4-1. ダウンブローの意識が「浮力」を生む
ボールを高く上げるためには、意外かもしれませんが、ヘッドを上から緩やかに入れる ダウンブロー の意識が必要です。
理論的に、ボールの下に潜り込ませようとして下から上に振ると、クラブの刃(リーディングエッジ)がボールに当たってミスを誘発します。逆に、ロフトを信じて上から優しく叩くことで、ボールとフェースの間に適度な摩擦が生まれ、ボールがフェース面を駆け上がるようにして高弾道とスピンが発生します。
イメージとしては、 「坂道にあるボールを、下から突き上げるのではなく、坂に沿って滑らせる」 ような感覚です。上からコンタクトすることで、ボールはフェースの傾斜に従って自然と空へと飛び出していきます。
低い位置から払おうとせず、ヘッドの重みを利用してボールの重なり合う一点を正確に叩くことに集中しましょう。
4-2. ソール(バンス)を滑らせる感覚
- コツ: ボールの手前の芝をヘッドの底(ソール)で「パンッ」と叩くイメージ。地面を叩く反動を利用して、ボールを優しく持ち上げます。
上げるアプローチを成功させる最大のコツは、ヘッドの底にある膨らみである ソール(バンス)を地面に滑らせること にあります。
地面に突き刺すのではなく、ボールの手前の芝をソールで 「パンッ」 とはたくように打ちます。こうすることで、地面との反発力が生まれ、ヘッドがボールの下を滑り抜けるスペースが確保されます。フェースがボールを拾い上げるのではなく、ソールが地面を滑った結果としてボールが浮き上がるのが、最もミスに強い打ち方です。
例えるなら、 「水切りの石を投げるように、水面で石を跳ねさせる動作」 です。鋭角に突き刺すのではなく、表面を滑らせることで、ボールを優しく、かつ高く運ぶことができます。
芝を削るのではなく、芝の表面をパチンと叩くような軽快な音を目指して振ってみてください。
4-3. 胸の回転でスイングする
- 注意点: 手首のコネは厳禁。腕の三角形を維持したまま、胸の大きな回転だけでゆったりと振り抜きます。
スイング中は手首を固定し、 胸の大きな回転 でクラブを動かすことが絶対条件です。
高く上げたい場面ほど手首をこねてしまいがちですが、手首を使うとインパクトの瞬間にロフト角が不安定になり、致命的なミスに繋がります。アドレスで作った腕の三角形を崩さず、おへその向きとクラブの動きを同調させて振ることで、フェースが常に一定の角度でボールに当たります。
イメージとしては、 「大きな振り子」 になったつもりで、肩と胸のラインをゆったりと動かす感覚です。手首の細かい筋肉ではなく、背中や胸の大きな筋肉を使うことで、ショットの再現性が劇的に高まります。
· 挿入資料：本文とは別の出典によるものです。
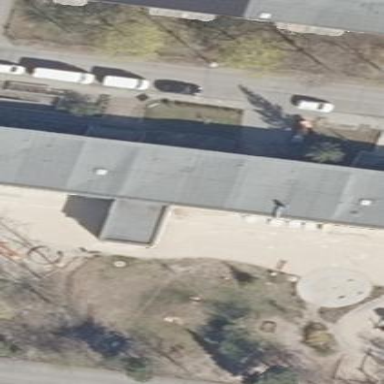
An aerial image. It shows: Kindergarten building.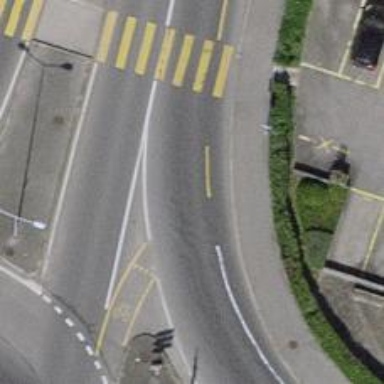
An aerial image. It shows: Secondary link road with asphalt surface.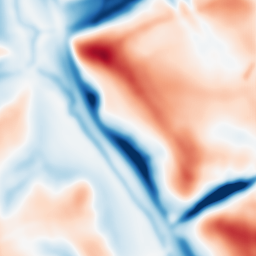
Category: multiscale
Decomposition family: dog
Decomposition parameters: sigma_low: 3
sigma_high: 20
Upsampling method: fft_zeropad
Upsampling parameters: scale: 2
Upsampling scale: 2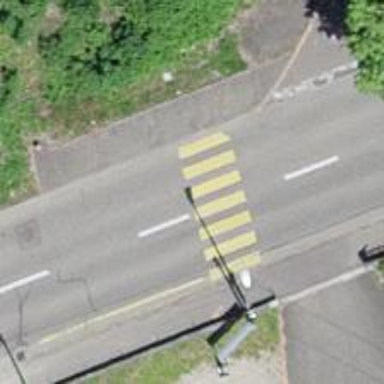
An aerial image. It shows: Marked zebra crossing on the road.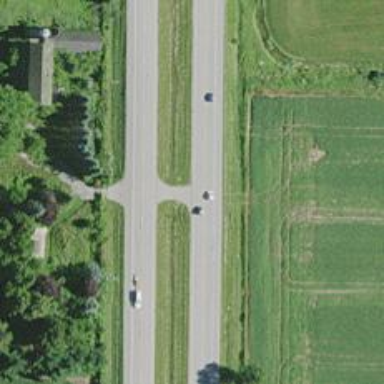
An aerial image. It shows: Trunk link highway.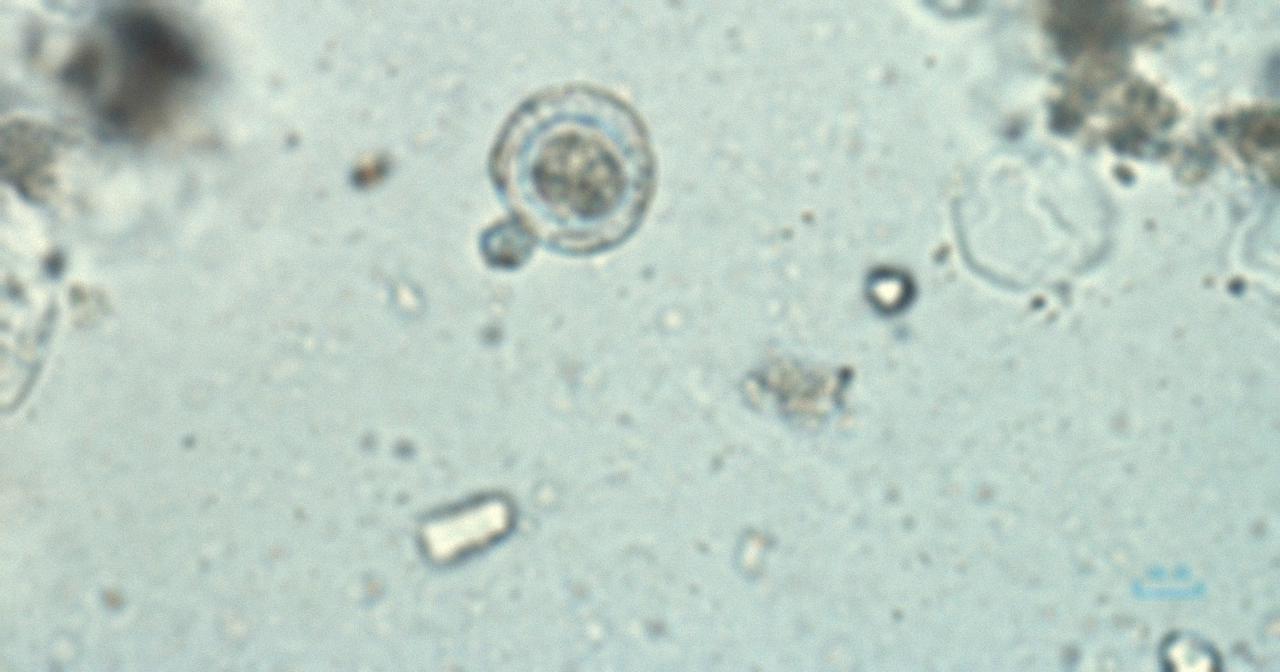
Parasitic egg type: Hymenolepis nana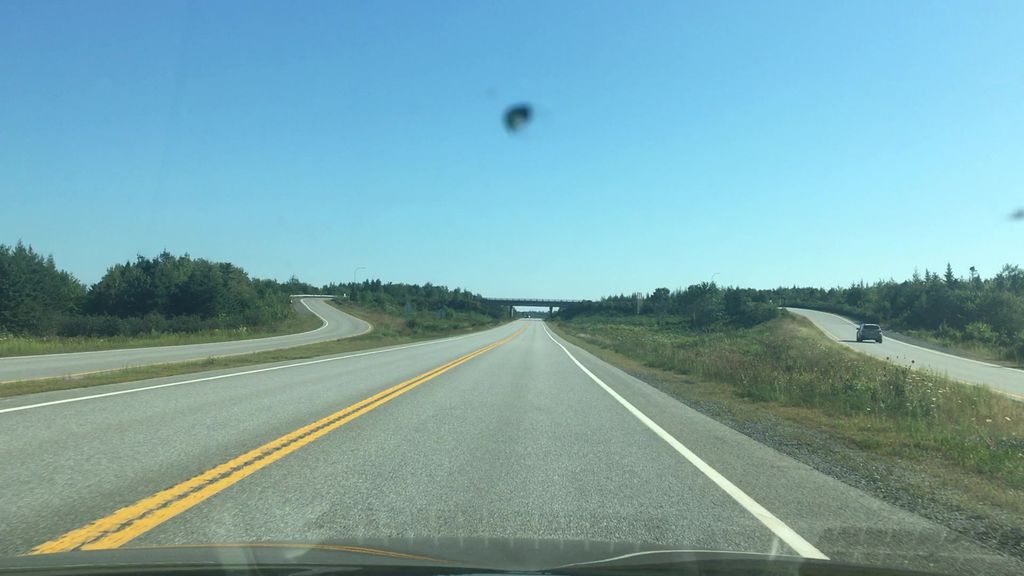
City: halifax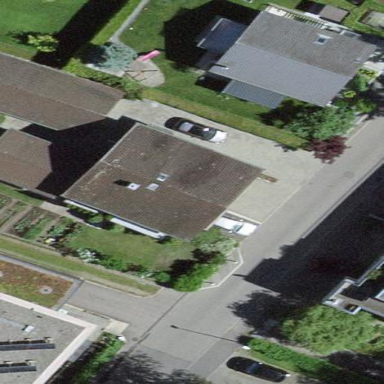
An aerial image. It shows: Residential building.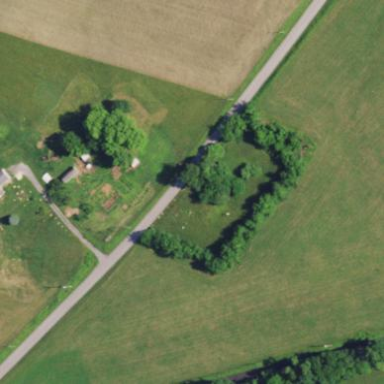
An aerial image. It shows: Cemetery.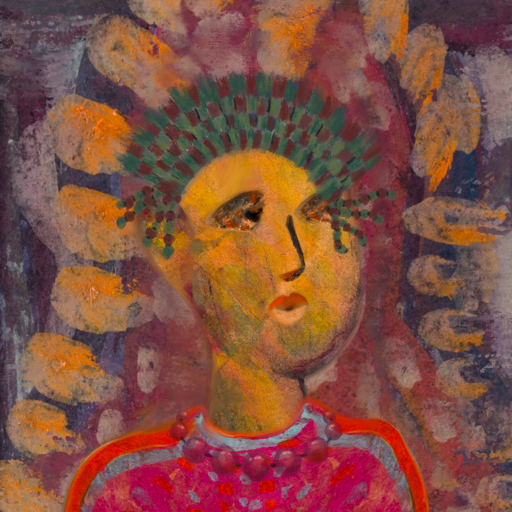
Background: Doll, Head And Neck Side: Gypsy_Mother, Face Side: Gypsy_Queen, Bust: Sisters, Hair Side: Blank, Head Accessory: After_Raid_Crown, Second Necklace: Blank, Necklace: Irani_2, Baby: Blank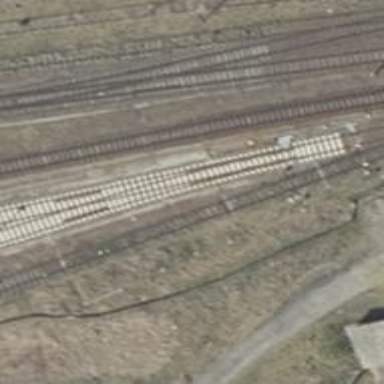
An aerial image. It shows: Railway switch with the turnout on the left side.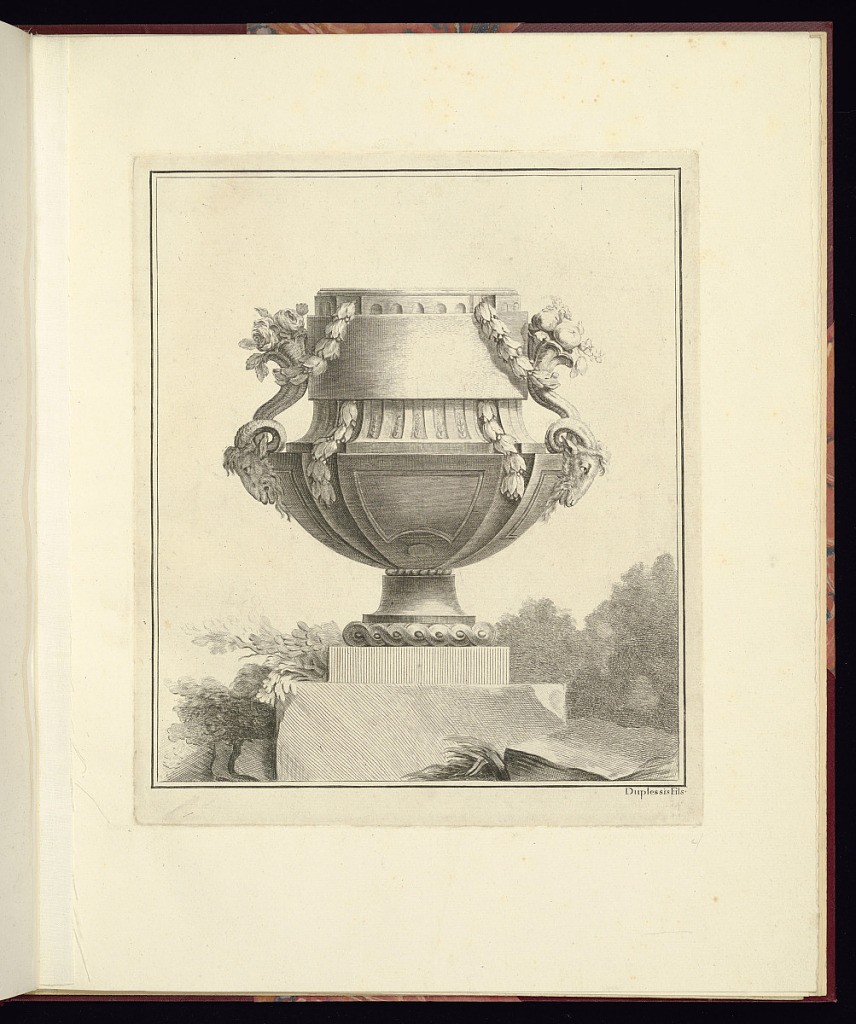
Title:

打ち終わった後、フェース面が自分の顔を向いているようなフィニッシュが取れていれば、正しく胸の回転で打てた証拠です。
5. 即効性あり!高弾道を身につけるための練習ドリル
頭で打ち方を理解しても、コースの芝の上で再現するのは難しいものです。ここでは、上げるアプローチに必要な感覚を短期間で養うための、具体的で効果的なドリルを3つ紹介します。
- ① ボールリフティングドリル: ソールを使う感覚と、フェース面にボールを乗せる感触を養います。
- ② 右足ツマ先開きドリル: 下半身の動きを抑え、インパクトの正確性を高めます。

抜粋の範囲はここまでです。